-- EXTRACTED INFORMATION follows --

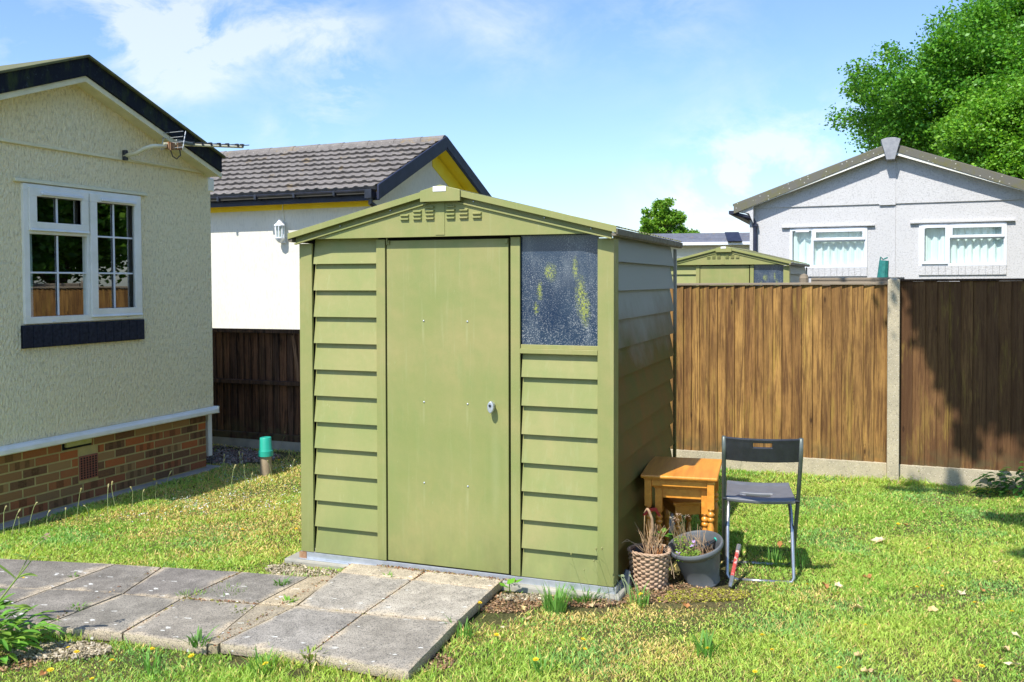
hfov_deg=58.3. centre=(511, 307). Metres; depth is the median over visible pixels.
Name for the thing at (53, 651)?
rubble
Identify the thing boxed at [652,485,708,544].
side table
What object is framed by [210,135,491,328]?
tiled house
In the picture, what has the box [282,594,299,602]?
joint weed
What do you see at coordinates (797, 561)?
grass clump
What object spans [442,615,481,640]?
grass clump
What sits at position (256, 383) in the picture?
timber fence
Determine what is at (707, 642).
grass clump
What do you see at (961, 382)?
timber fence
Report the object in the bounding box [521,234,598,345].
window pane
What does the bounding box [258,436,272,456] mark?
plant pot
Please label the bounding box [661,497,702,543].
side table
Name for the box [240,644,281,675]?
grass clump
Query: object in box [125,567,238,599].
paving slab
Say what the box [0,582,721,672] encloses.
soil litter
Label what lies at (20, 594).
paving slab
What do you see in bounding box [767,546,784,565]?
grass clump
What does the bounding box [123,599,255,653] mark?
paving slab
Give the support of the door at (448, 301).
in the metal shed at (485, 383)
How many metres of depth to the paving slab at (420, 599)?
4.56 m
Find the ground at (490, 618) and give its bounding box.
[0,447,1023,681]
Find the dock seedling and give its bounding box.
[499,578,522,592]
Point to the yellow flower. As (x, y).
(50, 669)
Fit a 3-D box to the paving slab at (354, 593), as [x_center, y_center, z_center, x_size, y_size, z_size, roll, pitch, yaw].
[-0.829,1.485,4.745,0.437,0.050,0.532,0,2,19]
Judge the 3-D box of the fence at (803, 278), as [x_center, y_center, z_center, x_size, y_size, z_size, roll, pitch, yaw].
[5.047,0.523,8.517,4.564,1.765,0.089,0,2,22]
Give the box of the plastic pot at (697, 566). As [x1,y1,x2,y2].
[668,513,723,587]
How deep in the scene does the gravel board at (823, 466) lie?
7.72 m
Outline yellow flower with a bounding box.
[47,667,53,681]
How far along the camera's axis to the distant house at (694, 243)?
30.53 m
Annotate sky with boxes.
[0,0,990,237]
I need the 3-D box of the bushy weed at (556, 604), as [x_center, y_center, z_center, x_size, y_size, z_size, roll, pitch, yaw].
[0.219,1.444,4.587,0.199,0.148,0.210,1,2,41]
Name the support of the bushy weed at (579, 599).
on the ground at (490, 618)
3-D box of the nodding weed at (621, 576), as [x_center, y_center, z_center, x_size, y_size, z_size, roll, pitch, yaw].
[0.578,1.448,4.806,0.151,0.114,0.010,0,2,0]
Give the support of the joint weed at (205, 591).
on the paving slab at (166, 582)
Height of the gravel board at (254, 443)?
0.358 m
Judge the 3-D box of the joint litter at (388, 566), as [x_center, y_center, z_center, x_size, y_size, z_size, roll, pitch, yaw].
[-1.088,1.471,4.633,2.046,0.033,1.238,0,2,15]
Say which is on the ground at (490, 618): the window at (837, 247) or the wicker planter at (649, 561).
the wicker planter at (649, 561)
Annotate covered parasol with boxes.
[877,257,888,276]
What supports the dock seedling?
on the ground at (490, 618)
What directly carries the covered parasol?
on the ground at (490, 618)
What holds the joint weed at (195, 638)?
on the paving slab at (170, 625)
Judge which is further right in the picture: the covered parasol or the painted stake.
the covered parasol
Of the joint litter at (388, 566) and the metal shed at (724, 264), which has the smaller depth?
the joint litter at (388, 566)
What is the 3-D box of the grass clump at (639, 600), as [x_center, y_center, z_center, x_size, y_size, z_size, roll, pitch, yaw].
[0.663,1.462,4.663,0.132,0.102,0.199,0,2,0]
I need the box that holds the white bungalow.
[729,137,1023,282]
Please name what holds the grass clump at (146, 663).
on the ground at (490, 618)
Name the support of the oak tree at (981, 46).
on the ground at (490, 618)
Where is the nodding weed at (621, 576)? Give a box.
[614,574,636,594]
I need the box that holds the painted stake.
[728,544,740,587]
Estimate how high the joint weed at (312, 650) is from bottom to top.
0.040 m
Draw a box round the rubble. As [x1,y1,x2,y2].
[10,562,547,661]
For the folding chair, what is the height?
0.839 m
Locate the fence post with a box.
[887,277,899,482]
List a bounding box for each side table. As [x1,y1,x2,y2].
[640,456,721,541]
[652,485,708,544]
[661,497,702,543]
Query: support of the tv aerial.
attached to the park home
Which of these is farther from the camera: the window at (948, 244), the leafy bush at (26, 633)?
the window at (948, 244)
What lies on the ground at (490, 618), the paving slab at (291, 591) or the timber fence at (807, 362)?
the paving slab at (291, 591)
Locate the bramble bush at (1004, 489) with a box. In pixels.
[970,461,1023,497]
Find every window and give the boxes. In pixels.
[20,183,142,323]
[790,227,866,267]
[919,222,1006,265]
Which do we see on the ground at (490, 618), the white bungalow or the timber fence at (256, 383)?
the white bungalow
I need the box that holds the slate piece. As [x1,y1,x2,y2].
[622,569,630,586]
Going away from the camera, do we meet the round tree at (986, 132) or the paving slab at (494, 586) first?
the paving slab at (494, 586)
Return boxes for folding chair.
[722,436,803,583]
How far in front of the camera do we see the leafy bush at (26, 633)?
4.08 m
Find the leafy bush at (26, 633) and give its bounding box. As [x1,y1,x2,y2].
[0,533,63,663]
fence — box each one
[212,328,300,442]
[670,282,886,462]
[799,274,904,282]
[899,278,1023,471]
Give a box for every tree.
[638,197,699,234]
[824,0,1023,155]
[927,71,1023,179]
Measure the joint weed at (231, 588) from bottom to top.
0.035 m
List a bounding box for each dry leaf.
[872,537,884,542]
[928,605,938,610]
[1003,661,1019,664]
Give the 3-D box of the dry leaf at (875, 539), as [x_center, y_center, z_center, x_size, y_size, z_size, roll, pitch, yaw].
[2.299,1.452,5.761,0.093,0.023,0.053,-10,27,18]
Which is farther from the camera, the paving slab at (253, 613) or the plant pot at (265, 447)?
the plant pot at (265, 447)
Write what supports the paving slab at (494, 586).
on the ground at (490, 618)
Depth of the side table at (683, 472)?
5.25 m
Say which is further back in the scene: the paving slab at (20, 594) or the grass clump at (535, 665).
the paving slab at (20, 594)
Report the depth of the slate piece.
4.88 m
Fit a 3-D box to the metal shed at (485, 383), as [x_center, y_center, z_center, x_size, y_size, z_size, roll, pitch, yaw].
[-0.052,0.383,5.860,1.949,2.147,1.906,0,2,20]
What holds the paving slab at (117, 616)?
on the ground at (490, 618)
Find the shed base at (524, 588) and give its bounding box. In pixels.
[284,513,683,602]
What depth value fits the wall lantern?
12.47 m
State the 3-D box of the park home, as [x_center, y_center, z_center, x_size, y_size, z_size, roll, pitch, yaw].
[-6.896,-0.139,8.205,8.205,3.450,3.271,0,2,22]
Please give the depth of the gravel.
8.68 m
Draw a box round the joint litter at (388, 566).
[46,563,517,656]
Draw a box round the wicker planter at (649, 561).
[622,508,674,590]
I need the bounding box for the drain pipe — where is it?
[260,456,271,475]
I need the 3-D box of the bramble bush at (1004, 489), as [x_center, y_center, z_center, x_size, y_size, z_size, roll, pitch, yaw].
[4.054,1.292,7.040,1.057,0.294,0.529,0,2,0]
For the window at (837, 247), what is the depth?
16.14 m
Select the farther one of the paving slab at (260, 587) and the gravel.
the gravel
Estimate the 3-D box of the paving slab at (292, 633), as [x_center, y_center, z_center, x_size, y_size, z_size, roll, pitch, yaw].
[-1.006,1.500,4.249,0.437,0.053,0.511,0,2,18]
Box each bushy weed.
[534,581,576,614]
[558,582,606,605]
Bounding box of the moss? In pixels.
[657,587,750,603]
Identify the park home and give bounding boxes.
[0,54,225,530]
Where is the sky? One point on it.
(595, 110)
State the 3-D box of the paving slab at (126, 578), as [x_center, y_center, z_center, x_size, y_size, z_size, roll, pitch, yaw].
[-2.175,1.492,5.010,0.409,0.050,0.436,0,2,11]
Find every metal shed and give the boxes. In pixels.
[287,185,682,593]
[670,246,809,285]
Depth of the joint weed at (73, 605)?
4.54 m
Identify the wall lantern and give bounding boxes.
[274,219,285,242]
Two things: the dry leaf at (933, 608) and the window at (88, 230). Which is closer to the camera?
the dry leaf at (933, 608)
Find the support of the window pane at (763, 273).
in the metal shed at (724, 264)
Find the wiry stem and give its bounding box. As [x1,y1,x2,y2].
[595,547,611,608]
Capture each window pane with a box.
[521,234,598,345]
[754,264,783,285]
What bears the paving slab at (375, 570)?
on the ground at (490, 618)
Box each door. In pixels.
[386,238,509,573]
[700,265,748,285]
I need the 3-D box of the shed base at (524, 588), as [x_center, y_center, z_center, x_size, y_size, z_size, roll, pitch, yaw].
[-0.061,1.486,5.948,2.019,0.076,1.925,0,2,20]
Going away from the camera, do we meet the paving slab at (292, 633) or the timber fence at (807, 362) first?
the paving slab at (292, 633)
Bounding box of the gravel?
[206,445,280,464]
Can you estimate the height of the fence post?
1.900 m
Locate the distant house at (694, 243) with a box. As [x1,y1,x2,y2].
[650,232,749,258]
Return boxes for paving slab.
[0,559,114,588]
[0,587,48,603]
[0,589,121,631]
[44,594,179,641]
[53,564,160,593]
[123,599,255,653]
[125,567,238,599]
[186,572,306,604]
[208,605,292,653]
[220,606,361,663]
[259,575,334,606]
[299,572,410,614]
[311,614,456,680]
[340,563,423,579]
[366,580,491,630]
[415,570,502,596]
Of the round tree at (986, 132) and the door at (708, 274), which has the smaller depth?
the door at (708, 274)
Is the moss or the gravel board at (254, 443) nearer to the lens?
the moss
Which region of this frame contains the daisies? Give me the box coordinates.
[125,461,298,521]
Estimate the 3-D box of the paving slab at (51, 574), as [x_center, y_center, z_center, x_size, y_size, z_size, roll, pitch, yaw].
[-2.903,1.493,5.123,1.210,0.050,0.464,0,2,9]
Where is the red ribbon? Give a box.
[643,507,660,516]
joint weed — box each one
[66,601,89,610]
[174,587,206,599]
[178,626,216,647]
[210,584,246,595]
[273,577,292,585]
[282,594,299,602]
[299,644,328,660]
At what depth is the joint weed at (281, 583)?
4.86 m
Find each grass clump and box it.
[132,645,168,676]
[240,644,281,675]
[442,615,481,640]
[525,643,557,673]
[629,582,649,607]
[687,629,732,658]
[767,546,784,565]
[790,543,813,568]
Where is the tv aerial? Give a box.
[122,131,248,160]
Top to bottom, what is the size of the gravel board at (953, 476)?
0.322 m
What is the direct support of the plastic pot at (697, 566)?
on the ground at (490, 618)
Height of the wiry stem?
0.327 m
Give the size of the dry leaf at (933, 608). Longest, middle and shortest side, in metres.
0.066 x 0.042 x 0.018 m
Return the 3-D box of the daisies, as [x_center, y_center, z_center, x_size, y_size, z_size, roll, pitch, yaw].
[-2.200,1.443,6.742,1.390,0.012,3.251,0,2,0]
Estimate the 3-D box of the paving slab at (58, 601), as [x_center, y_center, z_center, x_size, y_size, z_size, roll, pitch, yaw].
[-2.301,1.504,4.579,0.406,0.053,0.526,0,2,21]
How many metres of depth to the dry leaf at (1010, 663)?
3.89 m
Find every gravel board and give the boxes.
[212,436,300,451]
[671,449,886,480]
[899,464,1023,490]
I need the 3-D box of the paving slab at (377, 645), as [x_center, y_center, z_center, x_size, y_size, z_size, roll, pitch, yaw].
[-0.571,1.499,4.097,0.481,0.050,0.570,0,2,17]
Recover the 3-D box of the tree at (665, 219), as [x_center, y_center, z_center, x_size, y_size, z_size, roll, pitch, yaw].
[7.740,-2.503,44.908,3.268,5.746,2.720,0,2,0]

-- EXTRACTED INFORMATION concluded --
-- EXTRACTED INFORMATION follows --

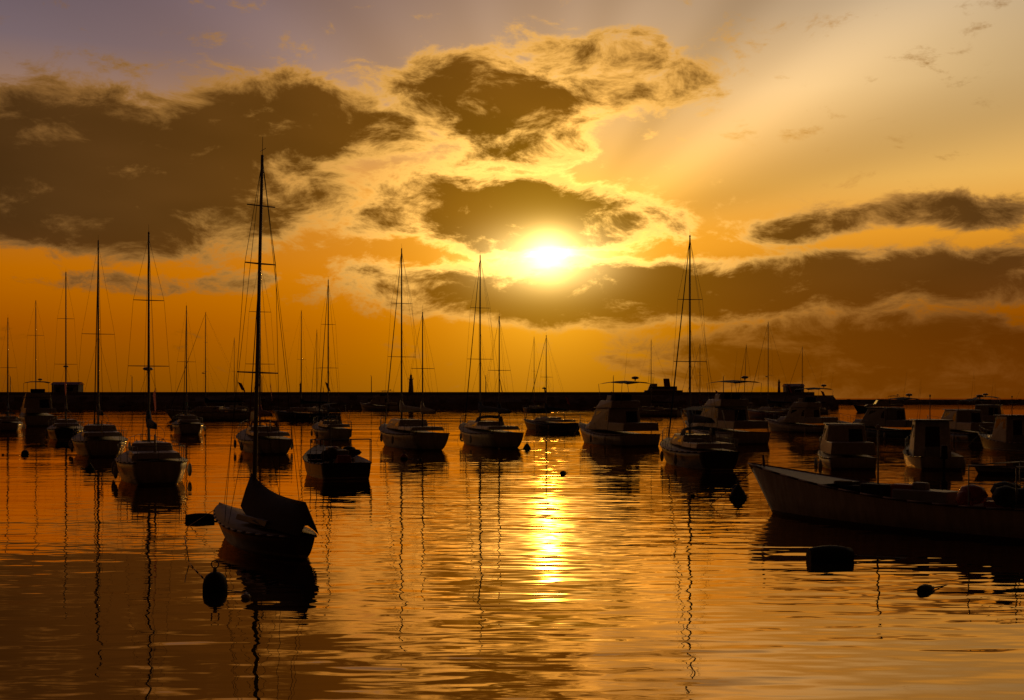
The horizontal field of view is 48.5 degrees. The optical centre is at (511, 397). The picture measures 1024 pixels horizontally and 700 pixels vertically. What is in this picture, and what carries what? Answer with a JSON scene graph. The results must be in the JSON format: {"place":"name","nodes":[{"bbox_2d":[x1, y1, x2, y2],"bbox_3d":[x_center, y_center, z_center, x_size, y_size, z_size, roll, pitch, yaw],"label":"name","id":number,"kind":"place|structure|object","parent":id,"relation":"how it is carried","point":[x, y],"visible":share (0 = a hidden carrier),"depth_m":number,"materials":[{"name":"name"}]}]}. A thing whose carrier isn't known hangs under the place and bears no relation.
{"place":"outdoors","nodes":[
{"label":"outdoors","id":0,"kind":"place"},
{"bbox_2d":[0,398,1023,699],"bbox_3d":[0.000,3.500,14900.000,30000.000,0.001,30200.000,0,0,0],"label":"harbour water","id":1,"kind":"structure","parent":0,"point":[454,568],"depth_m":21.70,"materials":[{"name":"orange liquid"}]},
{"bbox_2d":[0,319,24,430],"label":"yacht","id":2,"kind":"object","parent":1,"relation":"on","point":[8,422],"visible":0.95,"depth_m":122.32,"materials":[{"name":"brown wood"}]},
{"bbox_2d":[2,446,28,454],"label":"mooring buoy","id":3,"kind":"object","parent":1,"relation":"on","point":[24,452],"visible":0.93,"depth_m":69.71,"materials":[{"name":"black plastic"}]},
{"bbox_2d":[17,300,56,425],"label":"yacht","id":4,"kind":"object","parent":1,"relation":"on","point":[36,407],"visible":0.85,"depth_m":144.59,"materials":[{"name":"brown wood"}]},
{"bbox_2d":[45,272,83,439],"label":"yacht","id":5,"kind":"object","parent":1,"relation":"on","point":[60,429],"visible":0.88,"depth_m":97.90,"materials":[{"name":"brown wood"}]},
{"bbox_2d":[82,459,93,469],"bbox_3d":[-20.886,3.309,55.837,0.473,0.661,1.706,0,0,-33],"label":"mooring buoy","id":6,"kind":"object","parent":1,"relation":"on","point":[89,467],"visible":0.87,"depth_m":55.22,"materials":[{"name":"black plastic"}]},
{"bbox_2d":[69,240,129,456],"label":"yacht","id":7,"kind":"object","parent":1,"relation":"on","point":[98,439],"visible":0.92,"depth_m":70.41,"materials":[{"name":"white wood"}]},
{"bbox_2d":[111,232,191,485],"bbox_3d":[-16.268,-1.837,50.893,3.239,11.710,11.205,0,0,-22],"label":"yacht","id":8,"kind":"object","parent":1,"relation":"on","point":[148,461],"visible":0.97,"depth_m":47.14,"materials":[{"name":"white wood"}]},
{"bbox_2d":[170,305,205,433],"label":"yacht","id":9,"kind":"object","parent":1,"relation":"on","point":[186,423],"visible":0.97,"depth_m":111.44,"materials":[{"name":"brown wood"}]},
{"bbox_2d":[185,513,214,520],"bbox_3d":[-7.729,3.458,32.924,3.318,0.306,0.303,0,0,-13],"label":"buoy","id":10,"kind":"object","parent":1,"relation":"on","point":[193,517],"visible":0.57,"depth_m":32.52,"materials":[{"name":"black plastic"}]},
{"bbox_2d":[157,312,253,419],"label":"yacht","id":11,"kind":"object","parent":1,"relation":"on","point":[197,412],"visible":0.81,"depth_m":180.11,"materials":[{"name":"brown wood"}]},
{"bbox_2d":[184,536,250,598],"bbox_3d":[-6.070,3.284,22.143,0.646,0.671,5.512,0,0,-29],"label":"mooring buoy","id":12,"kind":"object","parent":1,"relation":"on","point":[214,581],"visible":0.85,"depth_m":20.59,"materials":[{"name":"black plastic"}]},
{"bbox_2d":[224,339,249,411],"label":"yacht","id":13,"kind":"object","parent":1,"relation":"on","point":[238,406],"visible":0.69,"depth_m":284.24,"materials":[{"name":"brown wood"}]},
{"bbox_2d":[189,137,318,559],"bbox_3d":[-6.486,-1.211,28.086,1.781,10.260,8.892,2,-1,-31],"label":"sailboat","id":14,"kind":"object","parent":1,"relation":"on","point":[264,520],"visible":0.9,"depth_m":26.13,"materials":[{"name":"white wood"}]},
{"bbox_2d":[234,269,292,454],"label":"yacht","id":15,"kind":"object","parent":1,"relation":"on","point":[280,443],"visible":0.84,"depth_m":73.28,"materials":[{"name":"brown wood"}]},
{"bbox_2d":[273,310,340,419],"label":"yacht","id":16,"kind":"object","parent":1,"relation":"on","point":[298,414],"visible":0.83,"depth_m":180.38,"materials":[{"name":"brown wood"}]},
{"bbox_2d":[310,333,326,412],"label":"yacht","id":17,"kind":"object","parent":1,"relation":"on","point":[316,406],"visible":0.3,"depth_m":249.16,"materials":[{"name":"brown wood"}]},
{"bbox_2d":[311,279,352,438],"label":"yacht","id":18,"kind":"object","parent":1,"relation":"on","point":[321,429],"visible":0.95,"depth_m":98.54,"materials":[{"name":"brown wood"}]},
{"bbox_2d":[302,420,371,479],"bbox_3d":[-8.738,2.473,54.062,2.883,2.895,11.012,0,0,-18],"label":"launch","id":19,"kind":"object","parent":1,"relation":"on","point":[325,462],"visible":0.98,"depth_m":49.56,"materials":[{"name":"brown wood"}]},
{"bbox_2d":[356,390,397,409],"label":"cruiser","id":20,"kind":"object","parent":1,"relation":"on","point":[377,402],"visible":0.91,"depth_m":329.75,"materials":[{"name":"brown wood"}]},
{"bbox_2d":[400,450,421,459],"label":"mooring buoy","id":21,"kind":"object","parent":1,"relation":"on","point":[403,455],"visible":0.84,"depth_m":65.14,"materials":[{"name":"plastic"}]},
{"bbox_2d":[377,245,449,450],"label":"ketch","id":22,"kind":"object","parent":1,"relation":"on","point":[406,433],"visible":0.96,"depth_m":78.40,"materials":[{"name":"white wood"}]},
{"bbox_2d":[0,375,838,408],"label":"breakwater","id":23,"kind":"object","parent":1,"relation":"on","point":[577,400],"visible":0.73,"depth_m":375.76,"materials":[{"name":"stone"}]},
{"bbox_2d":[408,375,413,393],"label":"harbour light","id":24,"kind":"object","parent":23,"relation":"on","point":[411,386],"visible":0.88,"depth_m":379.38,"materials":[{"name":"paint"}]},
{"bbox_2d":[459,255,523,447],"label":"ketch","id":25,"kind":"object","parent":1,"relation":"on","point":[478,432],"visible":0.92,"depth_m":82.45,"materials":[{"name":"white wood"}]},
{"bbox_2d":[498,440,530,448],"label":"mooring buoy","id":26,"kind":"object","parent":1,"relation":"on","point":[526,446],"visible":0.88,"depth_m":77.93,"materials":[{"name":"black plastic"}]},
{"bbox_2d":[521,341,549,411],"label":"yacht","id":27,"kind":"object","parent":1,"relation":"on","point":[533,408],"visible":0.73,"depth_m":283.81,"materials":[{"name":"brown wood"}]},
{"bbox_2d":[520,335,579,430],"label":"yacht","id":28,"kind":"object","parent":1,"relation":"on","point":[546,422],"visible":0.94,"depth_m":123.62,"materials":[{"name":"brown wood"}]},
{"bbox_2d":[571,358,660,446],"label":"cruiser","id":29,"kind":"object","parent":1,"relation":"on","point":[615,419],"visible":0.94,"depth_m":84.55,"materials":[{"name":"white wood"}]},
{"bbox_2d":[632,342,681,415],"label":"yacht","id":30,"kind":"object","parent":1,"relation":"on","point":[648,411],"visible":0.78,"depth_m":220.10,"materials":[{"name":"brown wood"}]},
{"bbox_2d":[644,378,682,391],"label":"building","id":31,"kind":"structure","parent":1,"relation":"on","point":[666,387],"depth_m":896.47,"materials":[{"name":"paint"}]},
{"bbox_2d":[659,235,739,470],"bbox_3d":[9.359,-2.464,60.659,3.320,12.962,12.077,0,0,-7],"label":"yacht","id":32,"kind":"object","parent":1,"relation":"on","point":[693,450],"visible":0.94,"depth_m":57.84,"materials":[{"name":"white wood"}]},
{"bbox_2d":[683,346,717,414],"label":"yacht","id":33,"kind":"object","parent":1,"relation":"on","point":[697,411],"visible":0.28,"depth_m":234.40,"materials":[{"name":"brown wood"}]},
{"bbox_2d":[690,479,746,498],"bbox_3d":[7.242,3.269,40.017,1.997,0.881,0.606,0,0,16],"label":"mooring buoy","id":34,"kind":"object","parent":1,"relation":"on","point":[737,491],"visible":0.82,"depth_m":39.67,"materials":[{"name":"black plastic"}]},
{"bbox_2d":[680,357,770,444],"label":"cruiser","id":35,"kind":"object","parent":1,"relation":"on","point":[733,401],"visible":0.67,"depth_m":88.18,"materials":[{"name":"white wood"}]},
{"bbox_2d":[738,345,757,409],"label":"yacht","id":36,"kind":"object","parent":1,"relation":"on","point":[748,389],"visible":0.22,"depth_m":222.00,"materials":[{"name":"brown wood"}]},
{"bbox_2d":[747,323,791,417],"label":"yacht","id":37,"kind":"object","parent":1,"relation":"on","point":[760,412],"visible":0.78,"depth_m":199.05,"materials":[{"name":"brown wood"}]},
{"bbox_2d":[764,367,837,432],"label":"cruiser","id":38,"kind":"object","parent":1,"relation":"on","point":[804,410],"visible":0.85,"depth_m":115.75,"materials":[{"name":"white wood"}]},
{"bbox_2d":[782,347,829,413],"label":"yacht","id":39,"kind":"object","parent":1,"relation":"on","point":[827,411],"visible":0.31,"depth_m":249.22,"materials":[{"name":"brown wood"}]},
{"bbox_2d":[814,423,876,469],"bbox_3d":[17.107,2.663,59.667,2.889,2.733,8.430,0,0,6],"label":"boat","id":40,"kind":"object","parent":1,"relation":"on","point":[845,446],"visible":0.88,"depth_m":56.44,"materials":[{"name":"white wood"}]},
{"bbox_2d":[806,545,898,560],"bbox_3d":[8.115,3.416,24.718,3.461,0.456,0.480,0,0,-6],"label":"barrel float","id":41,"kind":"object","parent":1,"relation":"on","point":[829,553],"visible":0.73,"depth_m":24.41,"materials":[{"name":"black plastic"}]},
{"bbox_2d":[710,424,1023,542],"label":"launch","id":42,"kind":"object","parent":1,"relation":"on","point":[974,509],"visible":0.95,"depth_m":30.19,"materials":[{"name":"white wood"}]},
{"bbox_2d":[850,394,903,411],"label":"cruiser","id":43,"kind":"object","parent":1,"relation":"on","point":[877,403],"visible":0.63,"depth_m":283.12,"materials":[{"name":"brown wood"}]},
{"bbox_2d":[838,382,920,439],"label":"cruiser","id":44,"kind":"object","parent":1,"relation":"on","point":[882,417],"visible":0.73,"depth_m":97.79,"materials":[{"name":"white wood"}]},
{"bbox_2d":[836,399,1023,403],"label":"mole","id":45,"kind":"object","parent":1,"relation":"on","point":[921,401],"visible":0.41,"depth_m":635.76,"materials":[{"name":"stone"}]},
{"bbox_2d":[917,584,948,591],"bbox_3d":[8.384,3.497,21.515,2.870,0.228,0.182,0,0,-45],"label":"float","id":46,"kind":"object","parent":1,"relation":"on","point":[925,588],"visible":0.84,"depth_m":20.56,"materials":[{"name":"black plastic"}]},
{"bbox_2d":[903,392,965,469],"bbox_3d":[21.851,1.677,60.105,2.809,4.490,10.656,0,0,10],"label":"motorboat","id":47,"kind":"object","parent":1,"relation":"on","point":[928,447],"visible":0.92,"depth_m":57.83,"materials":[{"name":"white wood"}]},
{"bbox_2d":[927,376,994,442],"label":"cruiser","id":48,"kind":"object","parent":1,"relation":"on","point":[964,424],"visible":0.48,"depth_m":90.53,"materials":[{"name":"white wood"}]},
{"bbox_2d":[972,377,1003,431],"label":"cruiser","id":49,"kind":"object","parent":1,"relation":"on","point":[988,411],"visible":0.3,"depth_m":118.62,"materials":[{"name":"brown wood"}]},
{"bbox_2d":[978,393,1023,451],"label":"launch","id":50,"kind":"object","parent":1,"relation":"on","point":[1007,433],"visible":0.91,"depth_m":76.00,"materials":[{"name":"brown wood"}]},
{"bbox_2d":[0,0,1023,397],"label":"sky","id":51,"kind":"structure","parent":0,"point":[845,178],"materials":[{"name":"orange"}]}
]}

-- EXTRACTED INFORMATION concluded --

From the listing above, output exactly the run of lines that starts with the line containing "Find every gravel board and give the boxes." and ends with the line containing "[7.740,-2.503,44.908,3.268,5.746,2.720,0,2,0]".

Find every gravel board and give the boxes.
[212,436,300,451]
[671,449,886,480]
[899,464,1023,490]
I need the 3-D box of the paving slab at (377, 645), as [x_center, y_center, z_center, x_size, y_size, z_size, roll, pitch, yaw].
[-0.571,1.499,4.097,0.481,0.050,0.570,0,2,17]
Recover the 3-D box of the tree at (665, 219), as [x_center, y_center, z_center, x_size, y_size, z_size, roll, pitch, yaw].
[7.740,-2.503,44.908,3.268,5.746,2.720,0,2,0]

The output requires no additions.